Es gibt keine Märkte, nur Telefone rechts und links
Was kommt nach uns?
Nur der Börsenschluss.
Wr befinden uns im Kopf eines Börsenhändlers, eines Traders – in diesem Fall ist das gewissermaßen eine Blase.
Gesicht hat der Ferrari-Fahrer keines. Braucht er ja nicht. Nur ein Telefon links braucht er, um in Chicago einzukaufen, und ein Telefon rechts, um in Tokio zu verkaufen.
"Das mit den Märkten erzählen wir nur den Leuten, damit sie etwas haben, woran sie glauben können, denn der liebe Gott ist nicht mehr hier."
Während einer fiebrigen Erkältung erkennt dieser Typ, dass er wider Erwarten doch nicht unbesiegbar ist. Die Panikattacken, die er fortan bekommt, passen zum Zucken der Kurven, die die Börsenkurse anzeigen. Und weil’s ihm schlecht geht, legt er es auf den Crash an ...
Der Wiener Michael Amon will mit diesem Porträt Angst erzeugen. Großartig gelingt ihm das. Er ist einer der wenigen Schriftsteller im Land, die sich einmischen – in Wirtschaft und Politik. Das macht ihn so wichtig.
KURIER: Gibt es ein Vorbild für Ihre Romanfigur?
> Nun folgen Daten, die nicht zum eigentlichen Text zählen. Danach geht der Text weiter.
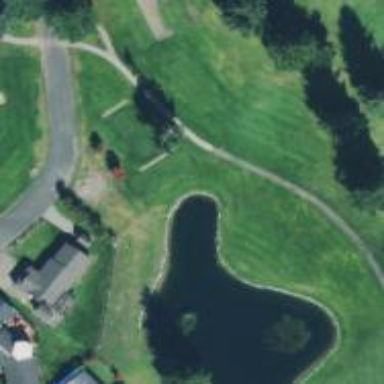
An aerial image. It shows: Pathway for golfing.

Michael Amon: Ja, einen Jugendfreund von mir. Einen Börsenhändler, der an diesem Job und dessen Widersprüchen wirklich krank geworden ist. Inzwischen hat er die dritte Krebserkrankung in zehn Jahren.
Das Thema macht Sie zornig ...
Ich empfinde mich nicht als zornig oder gar als "Wutbürger", das wäre mir zu richtungslos. Wenn so etwas wie Zorn durchklingt, dann wohl auf eine Menschheit, die nichts dazulernt.
Ein solcher Typ regt Sie also gar nicht auf?
Ein Spekulant, der mit seinen Geschäften an Warenterminbörsen in letzter Konsequenz auch Hungersnöte verursachen kann, gehört ins Kabinett der Gruselfiguren. Wenn mich etwas wirklich aufregt, dann die Tatsache, dass die Regierungen (und auch die EU) nach der letzten Finanzblase nichts unternommen haben, dass so etwas nie wieder geschehen kann. Inzwischen jagen die Spekulanten schon wieder die Börsenindices zu immer neuen Höchstständen. Der Homo sapiens ist kein vernünftig handelndes Wesen, denn nicht einmal der Neandertaler wäre auf die Idee gekommen, fünf Mammute zu erlegen, eines zur Hälfte aufzuessen und den Rest verrotten zu lassen. Aber genau so funktioniert der heutige Vergeudungskapitalismus. Was für ein ärmliches Lebewesen ist das, das sein Leben darauf ausrichtet, aus fünf Milliarden Dollar sechs, sieben oder acht zu machen?
Nein, nein, Sie sind wirklich nicht zornig.
Kann ja sein, dass all das mich in der Tat zorniger macht, als ich selbst wahrhaben will.